**What to do**
Whatever lies between the line that holds "1.7 seconds following image 1." and the final line of the records below, both included, should be repeated exactly; leave out the pictures and add nothing.

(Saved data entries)
--*--

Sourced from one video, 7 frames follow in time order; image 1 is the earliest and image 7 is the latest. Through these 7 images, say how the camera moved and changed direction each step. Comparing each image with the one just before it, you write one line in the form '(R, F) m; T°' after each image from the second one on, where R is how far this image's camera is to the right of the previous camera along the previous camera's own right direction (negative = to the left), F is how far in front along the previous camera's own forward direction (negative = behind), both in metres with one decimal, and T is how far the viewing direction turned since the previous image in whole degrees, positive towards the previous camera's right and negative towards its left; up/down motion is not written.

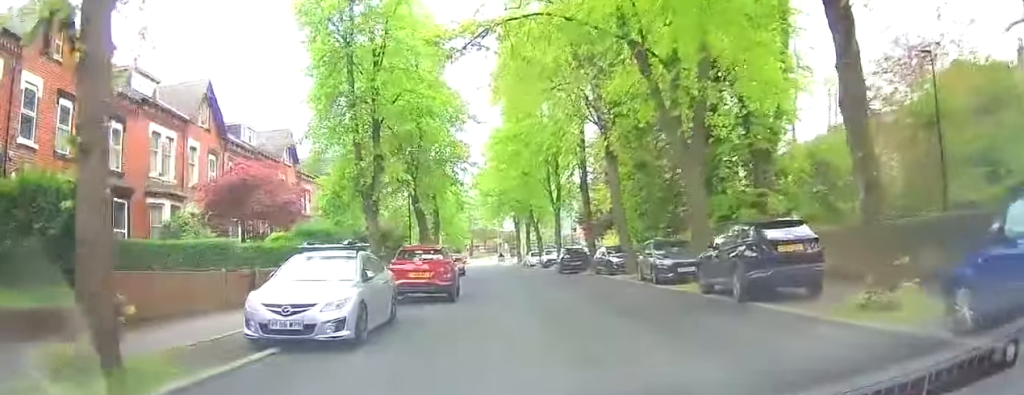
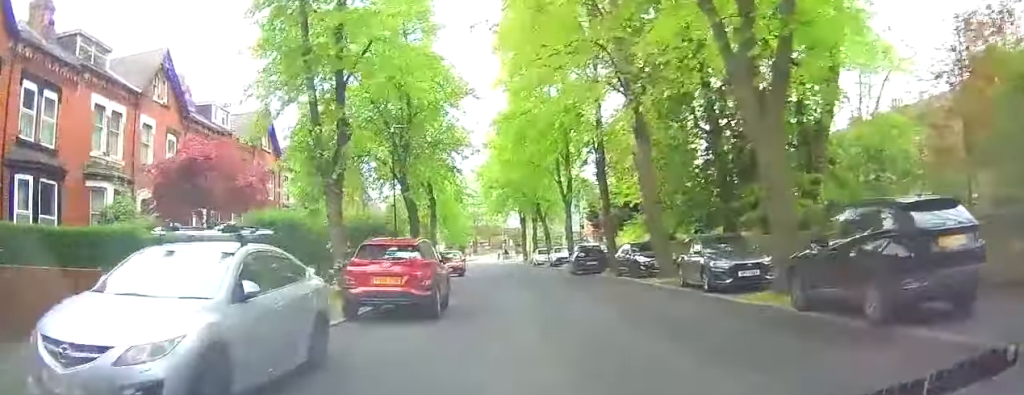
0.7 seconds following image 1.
(0.0, +5.5) m; 0°
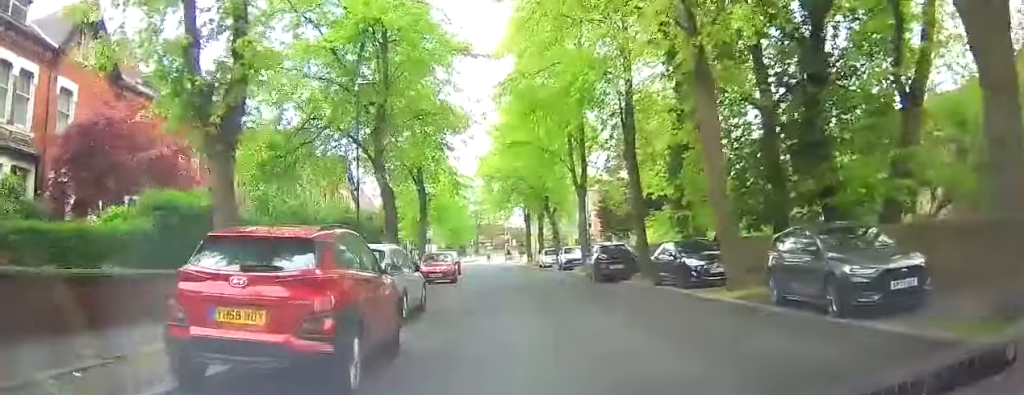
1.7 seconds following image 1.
(0.0, +7.1) m; 0°
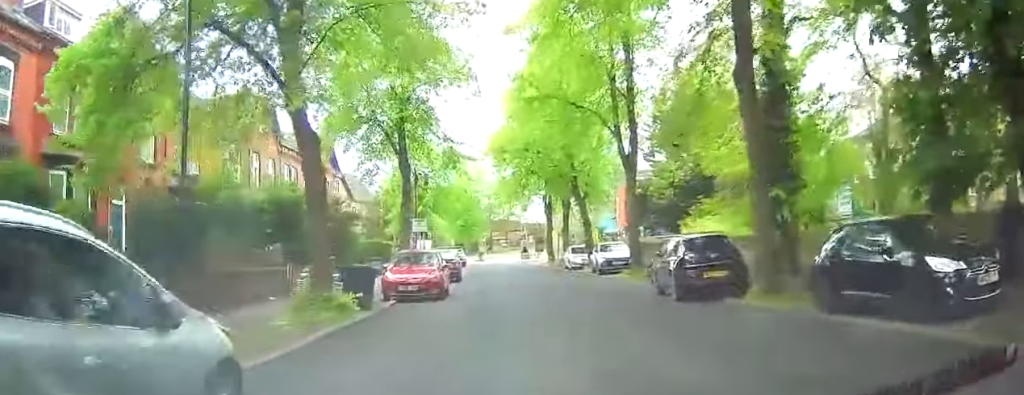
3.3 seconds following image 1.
(0.0, +11.4) m; -3°
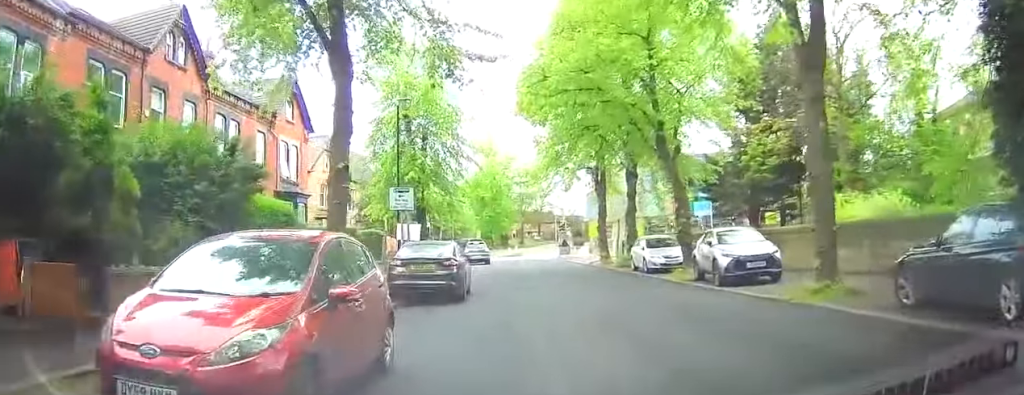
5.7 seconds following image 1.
(-0.3, +14.8) m; -2°
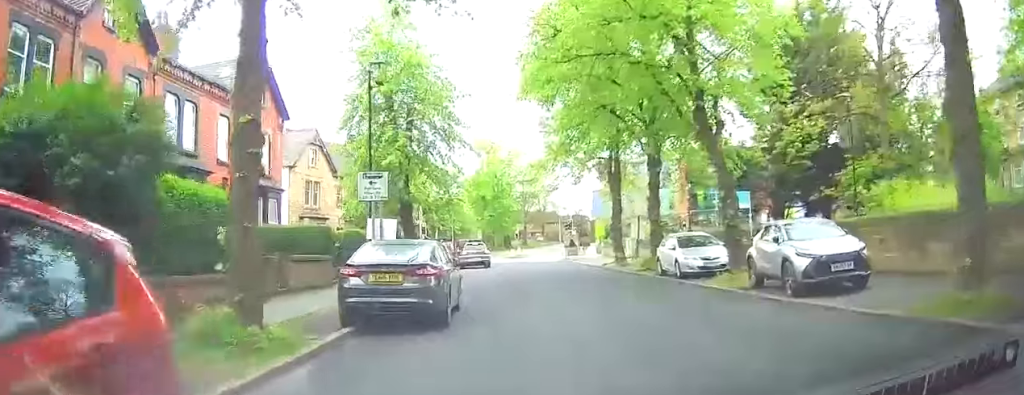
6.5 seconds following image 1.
(-0.4, +4.8) m; 0°
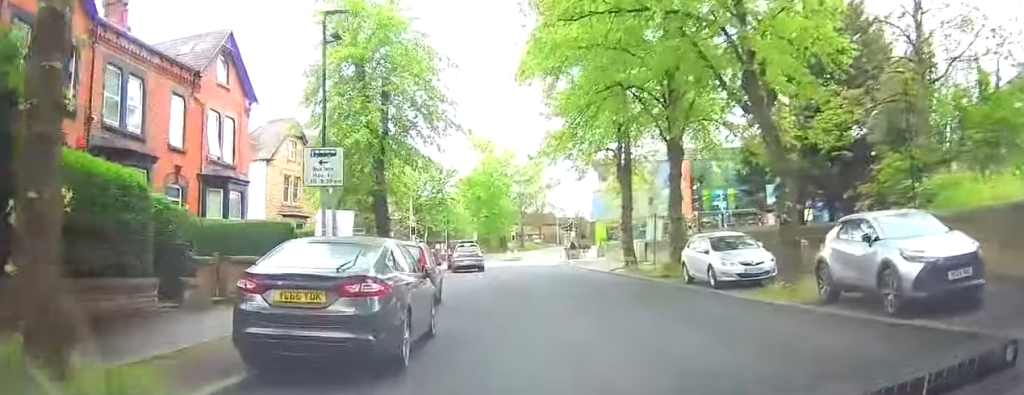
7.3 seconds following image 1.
(+0.3, +4.2) m; 0°

--*--

**Reply**
1.7 seconds following image 1.
(0.0, +7.1) m; 0°
3.3 seconds following image 1.
(0.0, +11.4) m; -3°
5.7 seconds following image 1.
(-0.3, +14.8) m; -2°
6.5 seconds following image 1.
(-0.4, +4.8) m; 0°
7.3 seconds following image 1.
(+0.3, +4.2) m; 0°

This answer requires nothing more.